DATA LISTING:
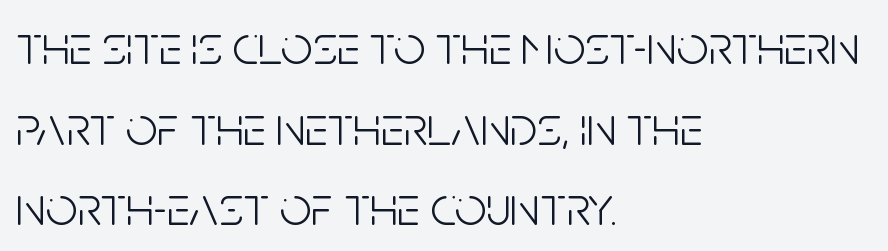
Q: Is the text bold? A: No.
Q: Is the text italic (slanted)? A: No, it is upright.
Q: Is the typeface a serif or a sans-serif typeface? A: Sans-serif.
Q: Is the text underlined? A: No.
Q: How is the paragraph aligned? A: Left-aligned.
Q: Is the spacing between letters normal or unusually wide? A: Normal.
Q: Is the spacing between lines tight, normal or loose? A: Normal.
Q: Width (condensed, normal, or wide)? A: Condensed.
Q: Stroke contrast? A: Low.
Q: x-height? A: Large.
Q: Monospaced? A: No.
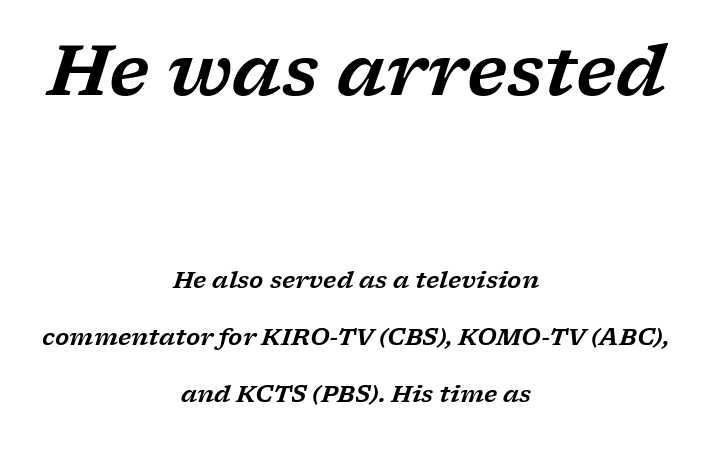
The zone under the glyphs is completely vacant. Are there feet on the stems? There are — it's a serif. There is no visible air inserted between adjacent glyphs. The upper block of text is set noticeably larger than the block beneath it. The passage is arranged like a title page — every line centered. It's the slanting kind of type.
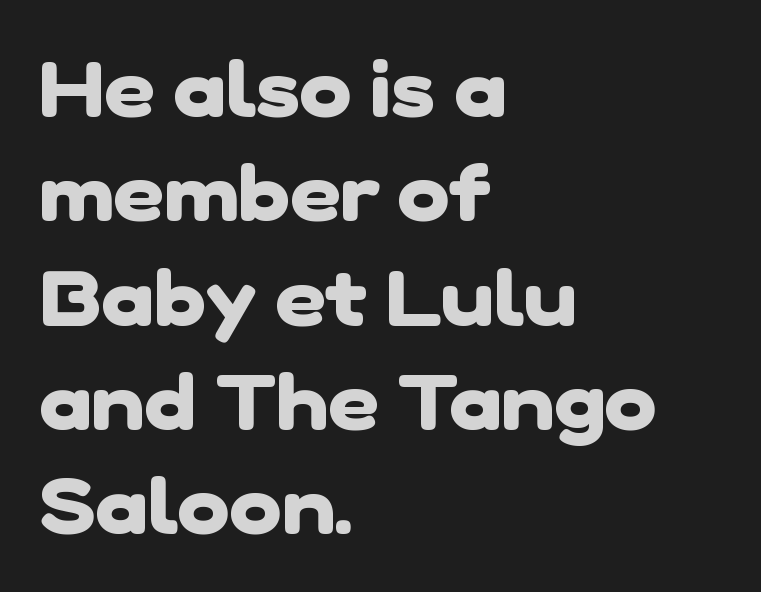
{"serif": "no", "bold": "yes", "weight": "heavy", "width": "normal", "stroke_contrast": "low", "x_height": "medium", "monospaced": "no", "underline": "no", "align": "left", "line_spacing": "normal", "line_spacing_ratio": 1.32, "letter_spacing": "normal", "letter_spacing_em": 0.0, "glyph_px": 79}
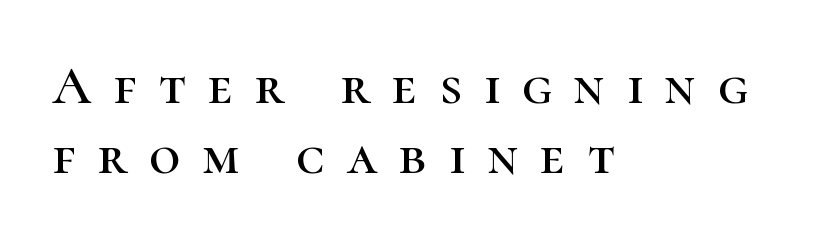
Examine the stroke ends and you'll spot serifs. Line beginnings align vertically; line endings do not. Spacing between characters has been opened up far beyond the box default. When letters stand straight like this, we call the style roman or upright. Horizontal bands of white between lines are of average thickness.
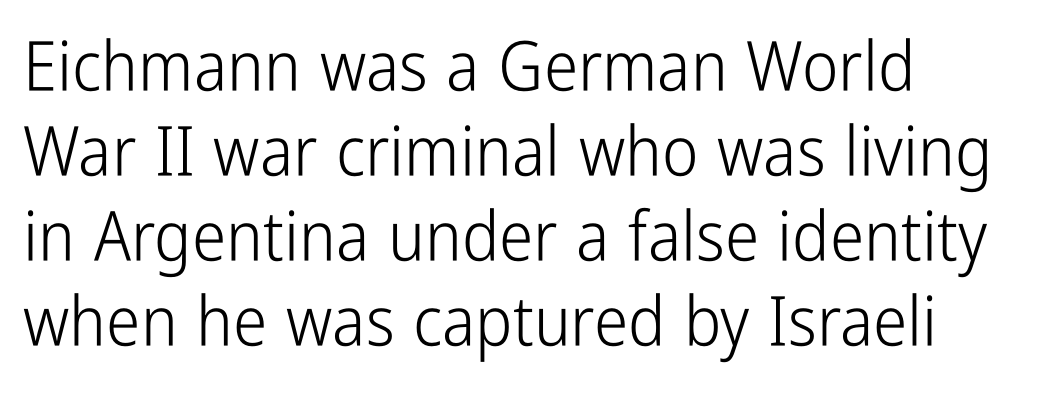
Ordinary non-slanted type is in use. You could call the tracking neutral — neither tight nor loose. Stroke mass is kept to a normal reading level or below. This rendering employs a face without finishing strokes, i.e., a sans-serif.
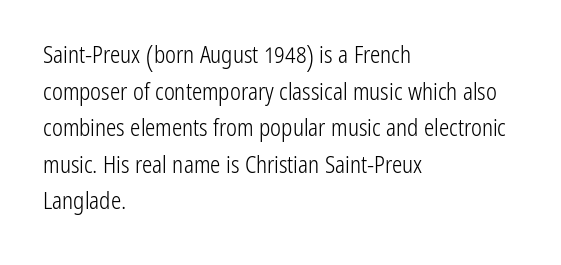
Notice how descenders clear the ascenders below comfortably — that's standard leading. Heft: none added — not bold. Posture: upright roman. The tracking reads as untouched default to a designer's eye. If you drew a ruler down the left edge, every line would touch it.
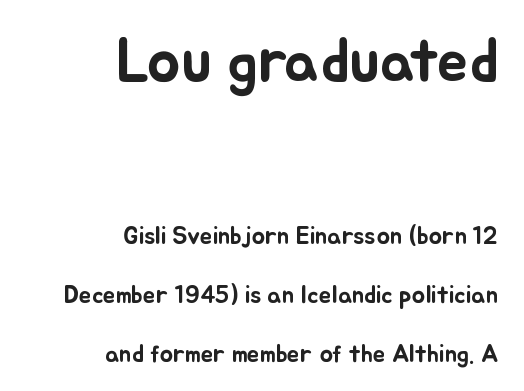
Q: Is the text italic (slanted)? A: No, it is upright.
Q: Is the text underlined? A: No.
Q: How is the paragraph aligned? A: Right-aligned.
Q: Is the spacing between letters normal or unusually wide? A: Normal.
Q: Is the spacing between lines tight, normal or loose? A: Loose.
Q: Which block of text is set in a larger size, the first (top) or the second (bottom)? A: The first (top) one.
Q: Width (condensed, normal, or wide)? A: Normal.
Q: Stroke contrast? A: Low.
Q: x-height? A: Small.
Q: Monospaced? A: No.
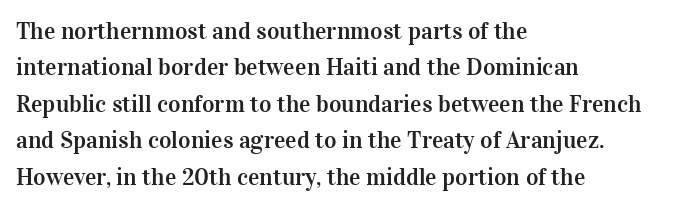
Q: Is the text italic (slanted)? A: No, it is upright.
Q: Is the text underlined? A: No.
Q: How is the paragraph aligned? A: Left-aligned.
Q: Is the spacing between letters normal or unusually wide? A: Normal.
Q: Is the spacing between lines tight, normal or loose? A: Normal.
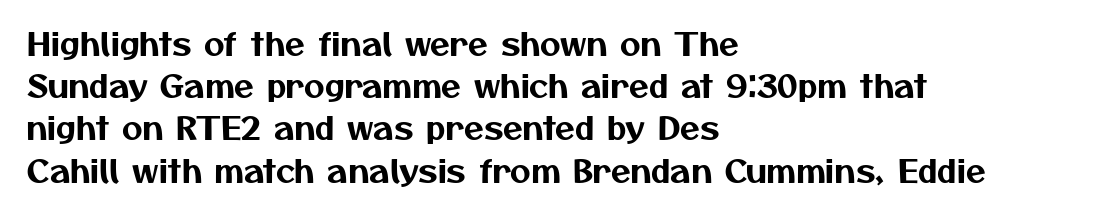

WHAT IS BEING ASKED: Determine the count of lines that include the word "below" in the listing, and state nothing but that count.

FINAL ANSWER: 2